___ The records
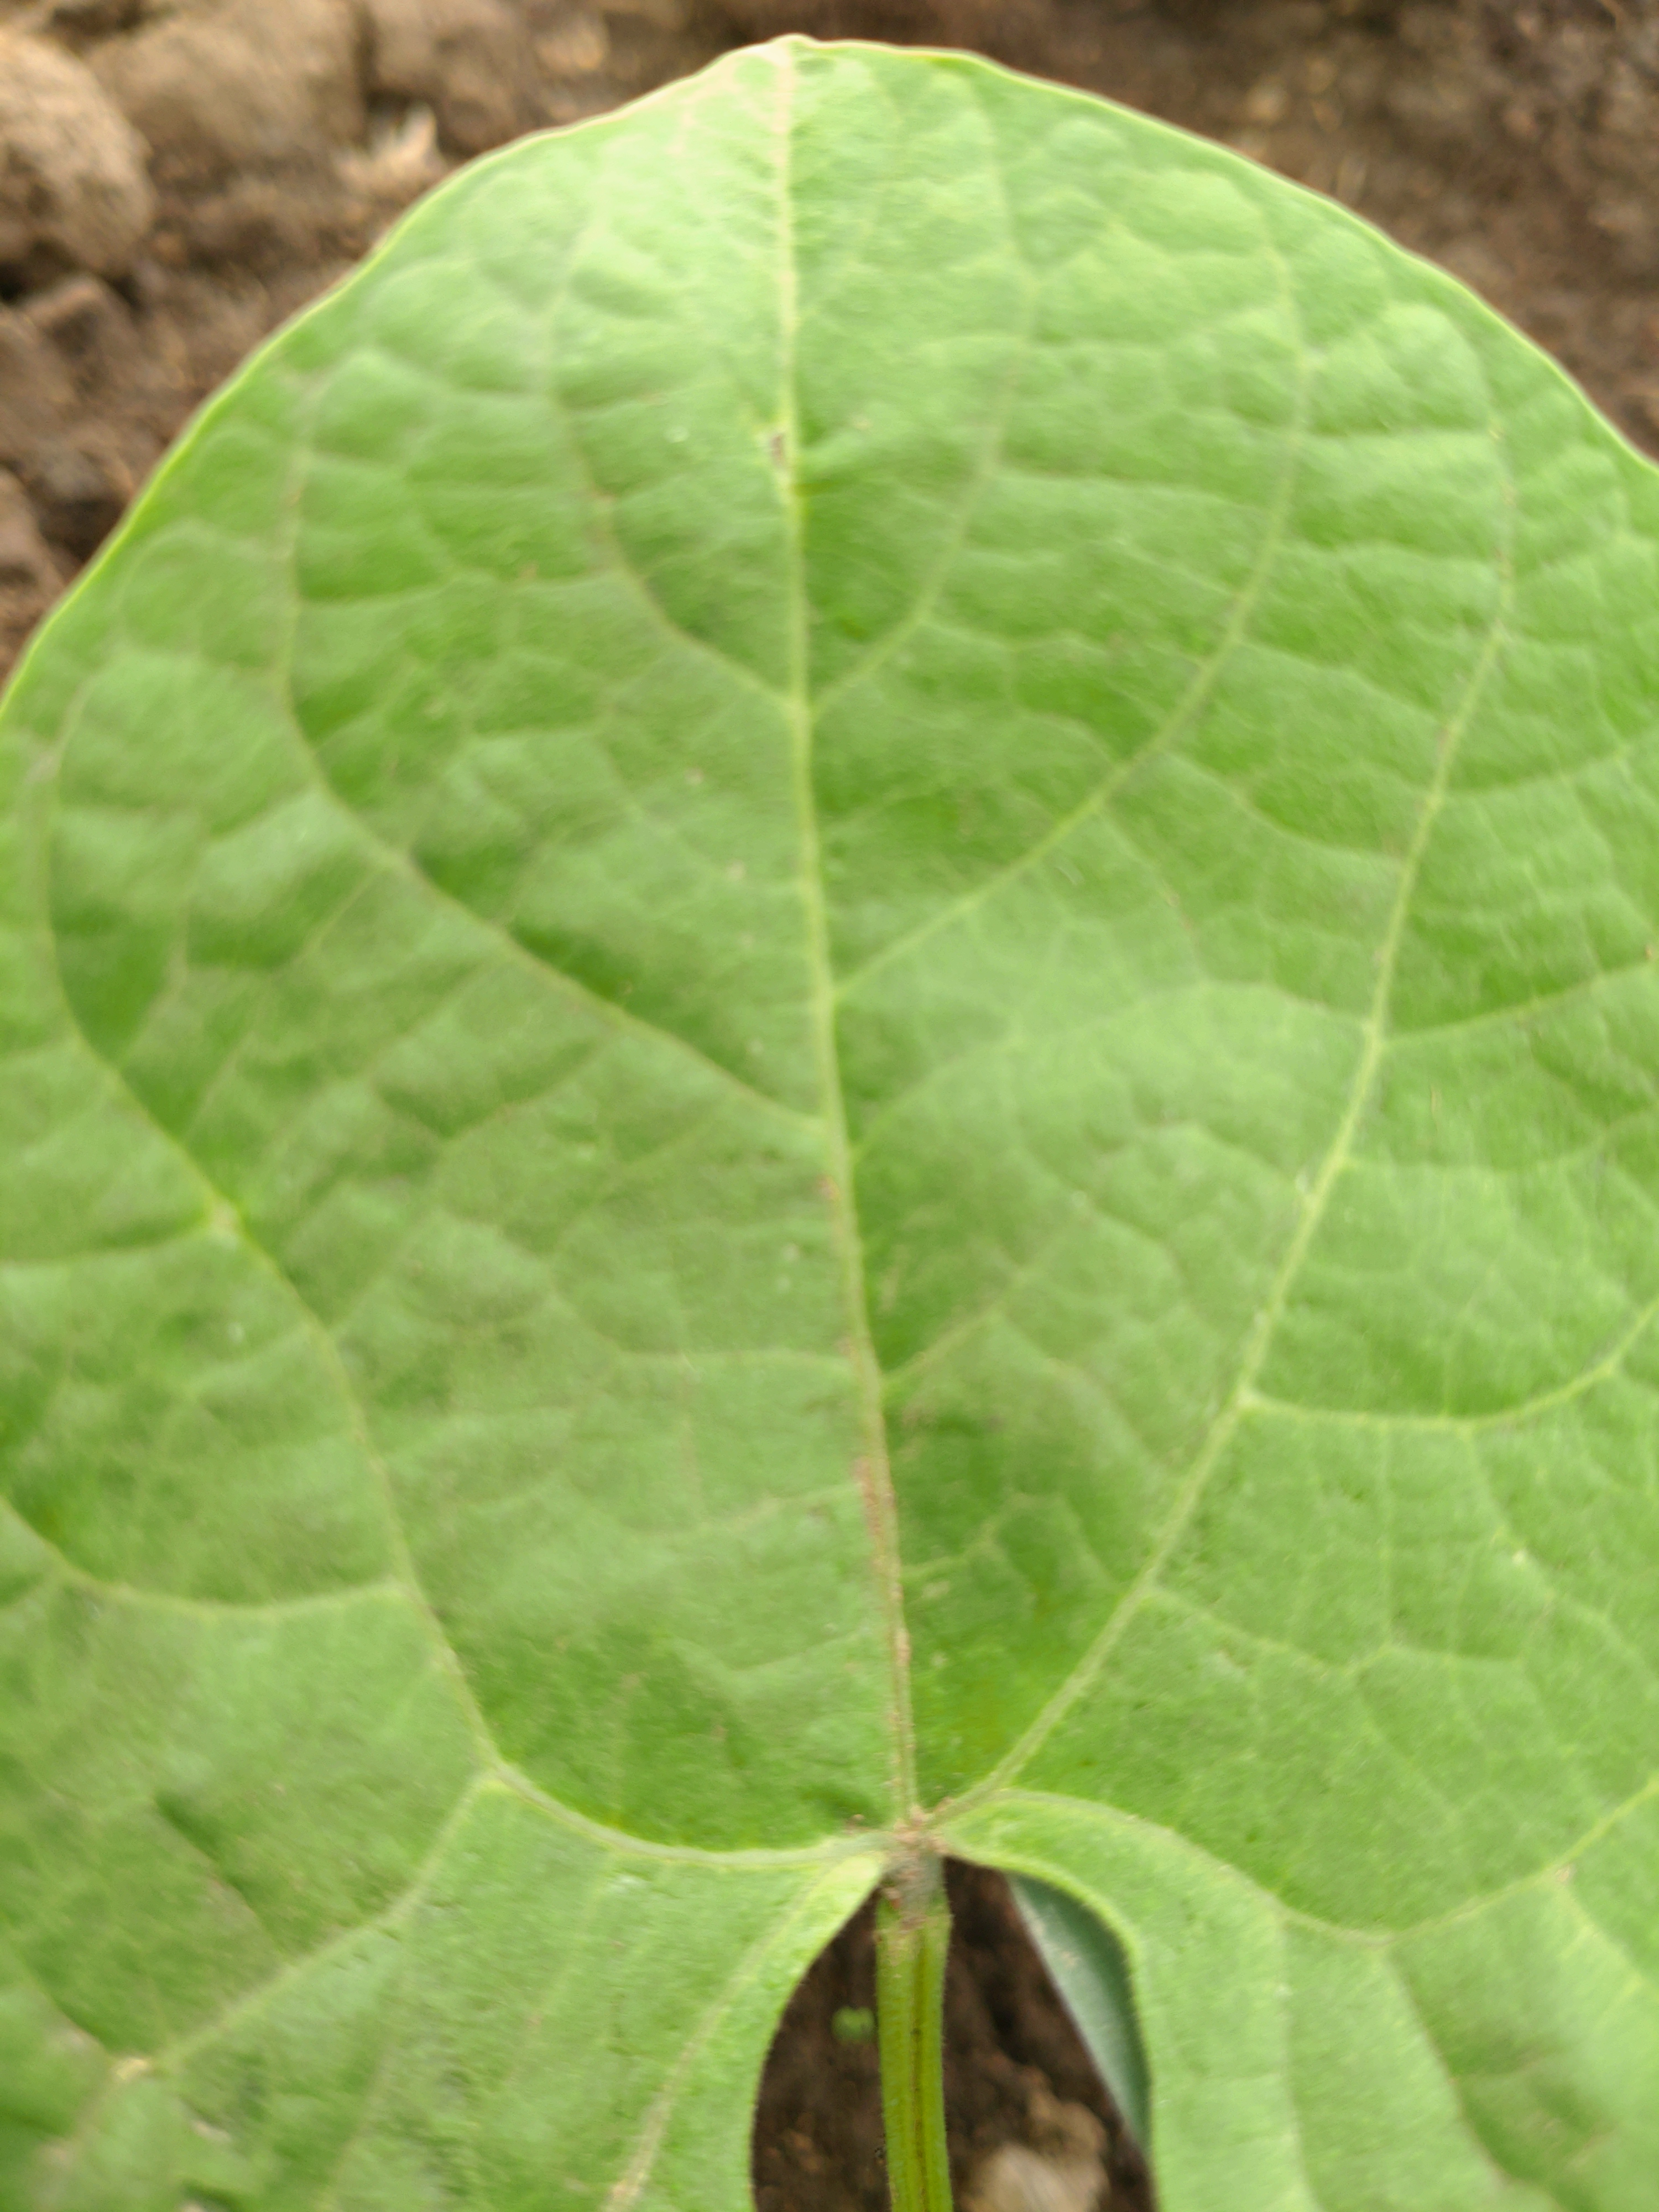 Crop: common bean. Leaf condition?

healthy
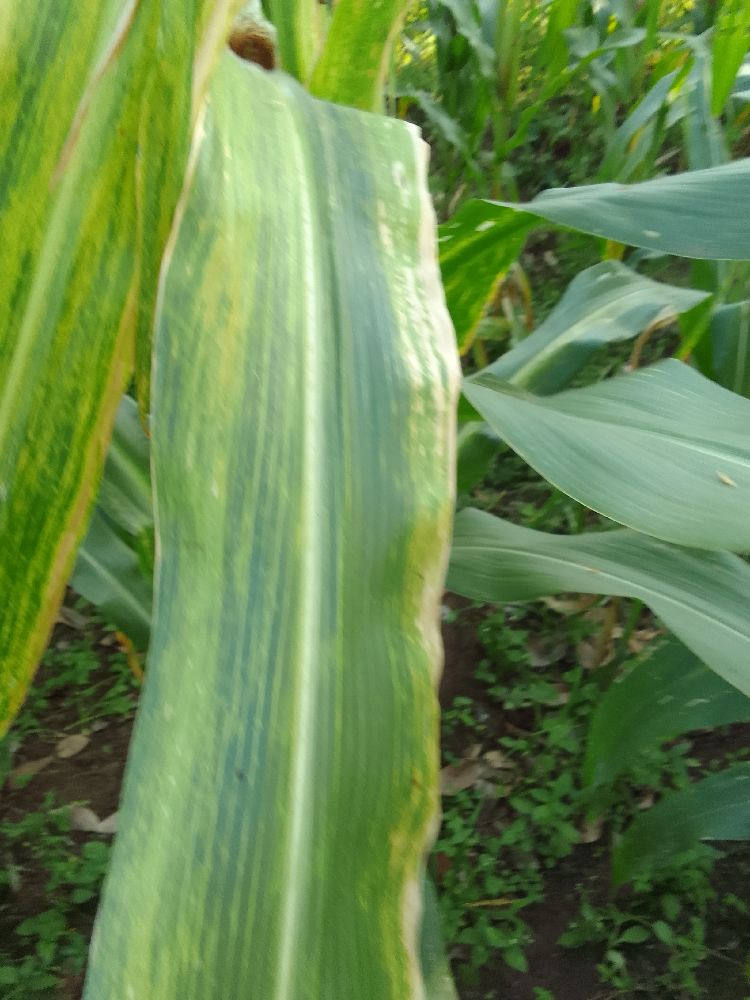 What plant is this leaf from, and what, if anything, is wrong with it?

maize, maize lethal necrosis
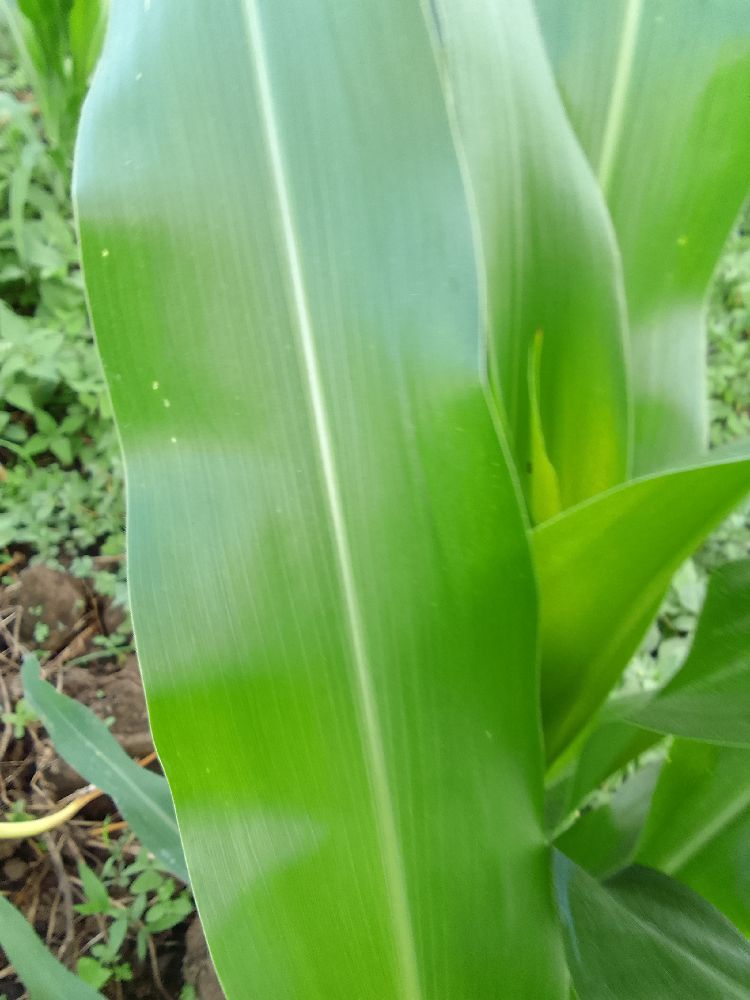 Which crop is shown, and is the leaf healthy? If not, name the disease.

maize, healthy
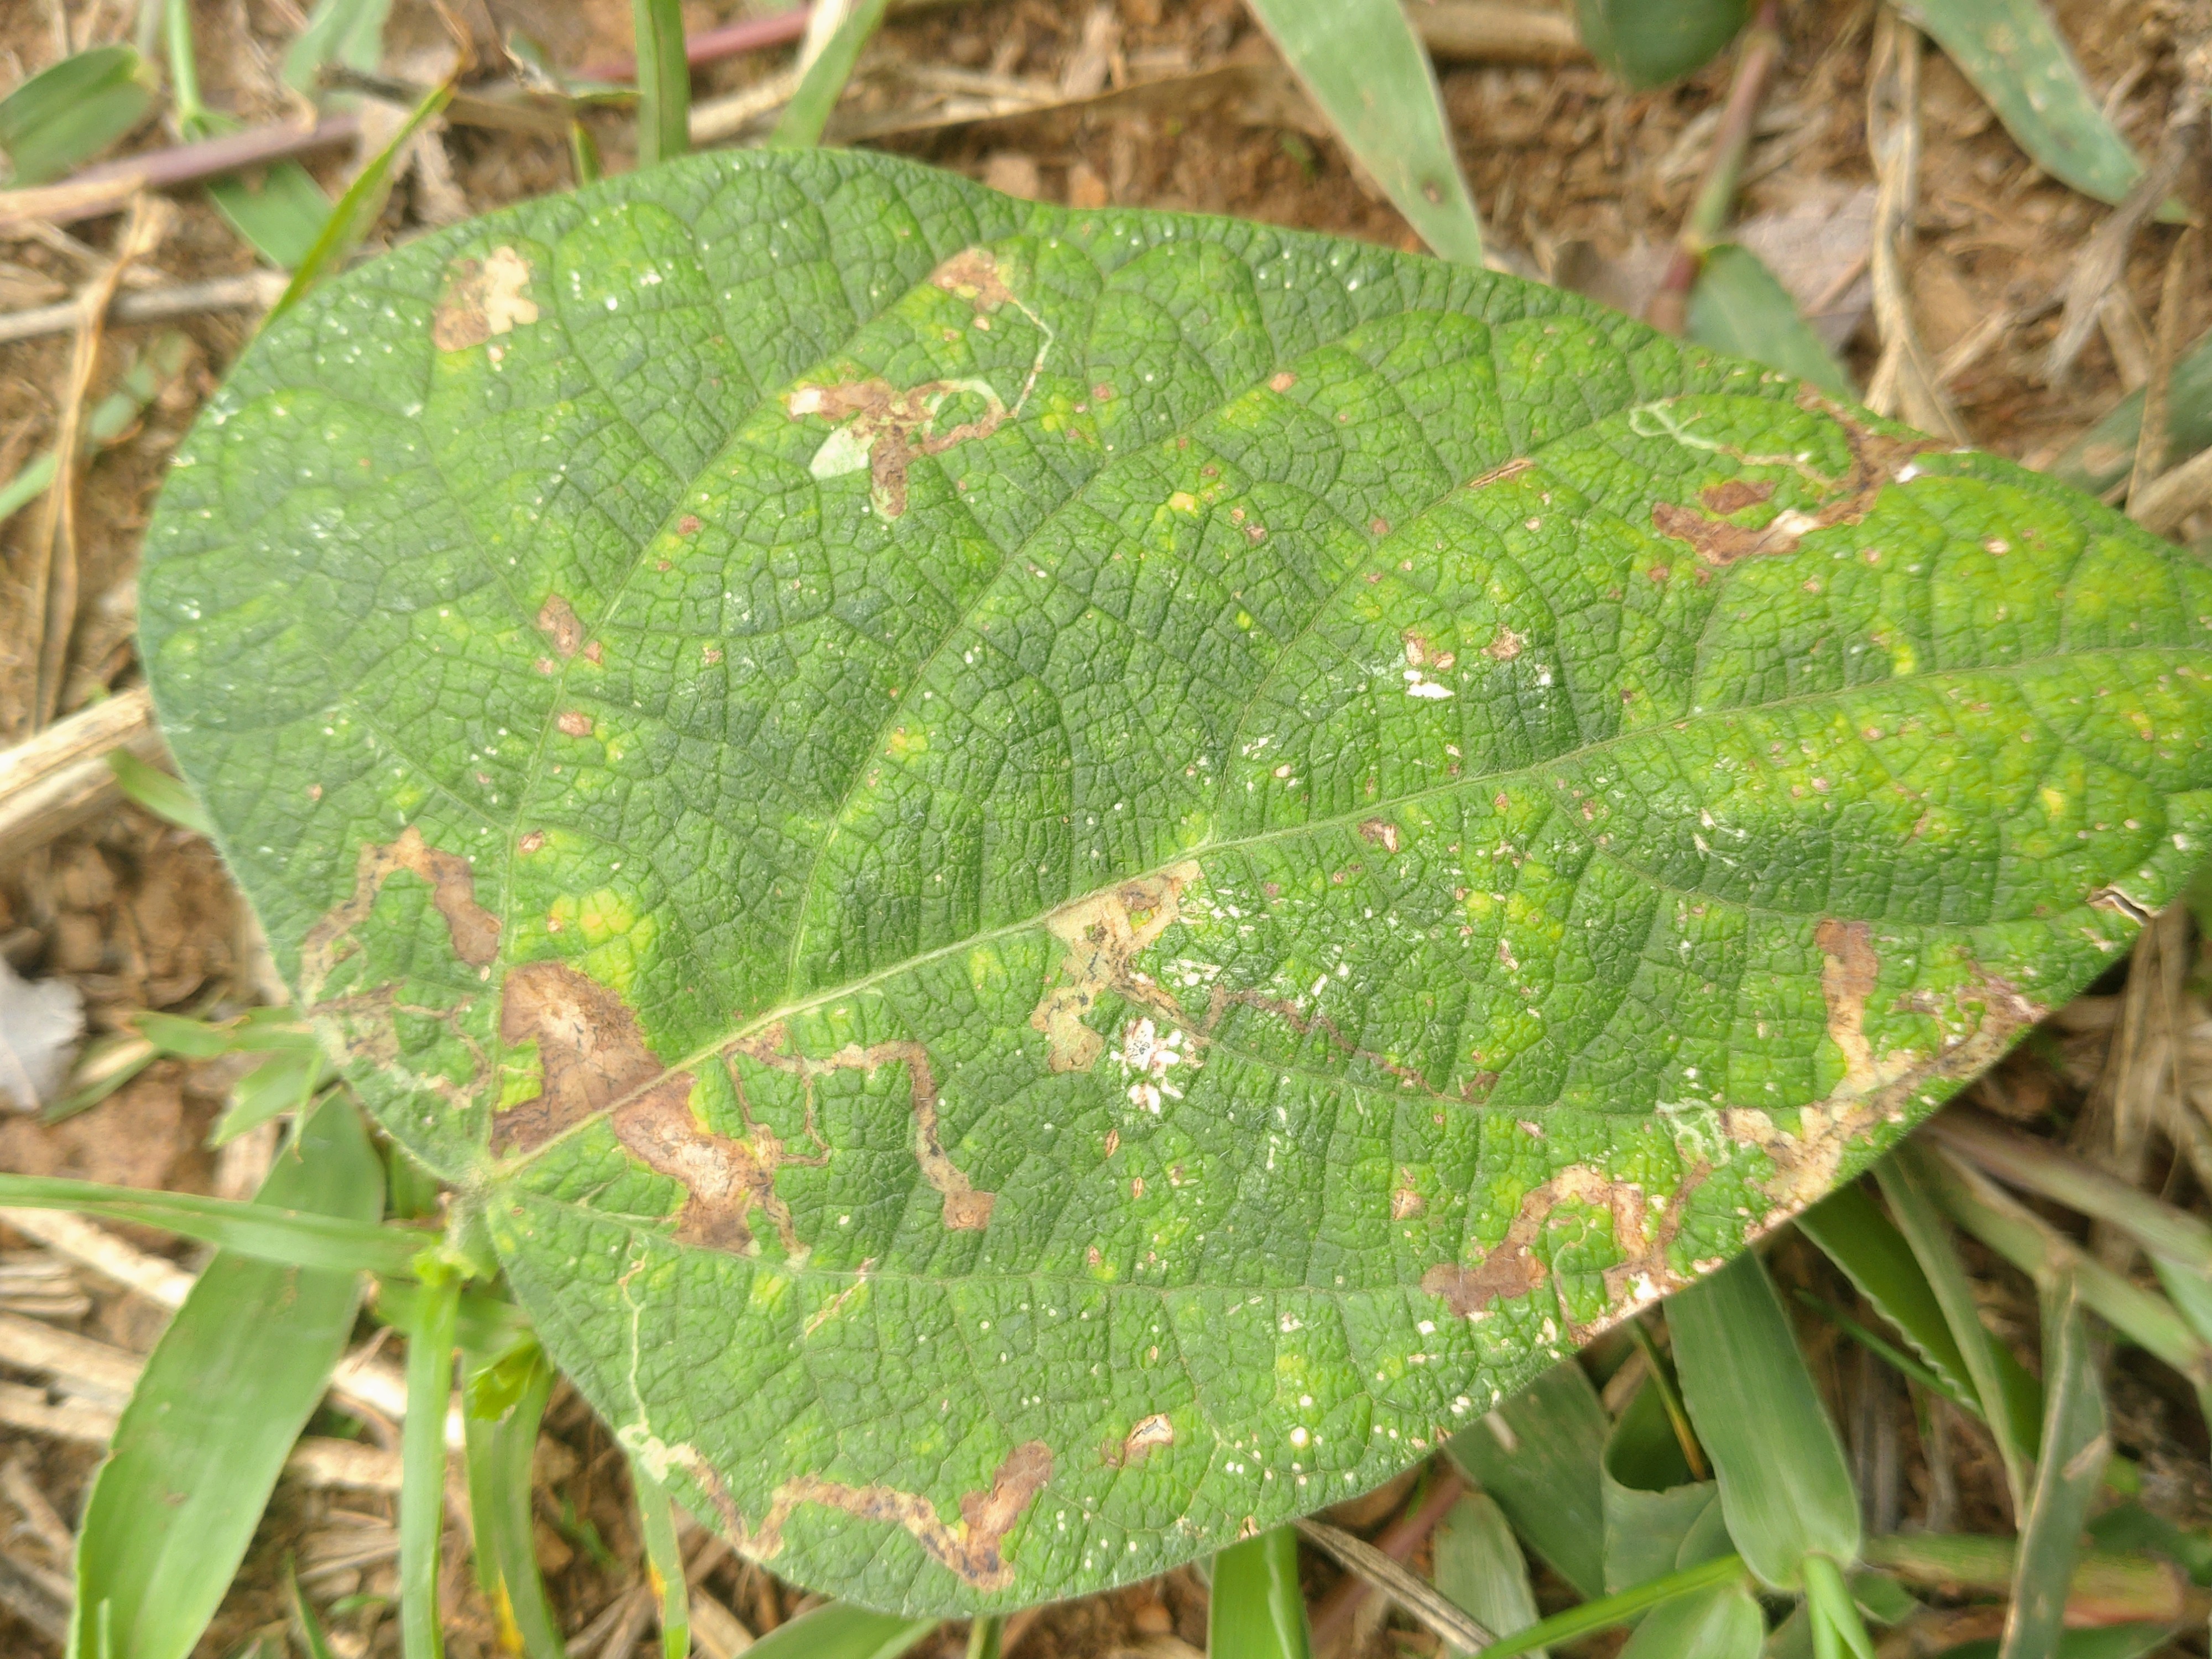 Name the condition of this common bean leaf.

rust
______
*Exercise*
If a record holds a picture, drop the picture and return the rest of it exactly.

*Answer for the task*
 Crop: common bean. Leaf condition?

healthy
 What plant is this leaf from, and what, if anything, is wrong with it?

maize, maize lethal necrosis
 Which crop is shown, and is the leaf healthy? If not, name the disease.

maize, healthy
 Name the condition of this common bean leaf.

rust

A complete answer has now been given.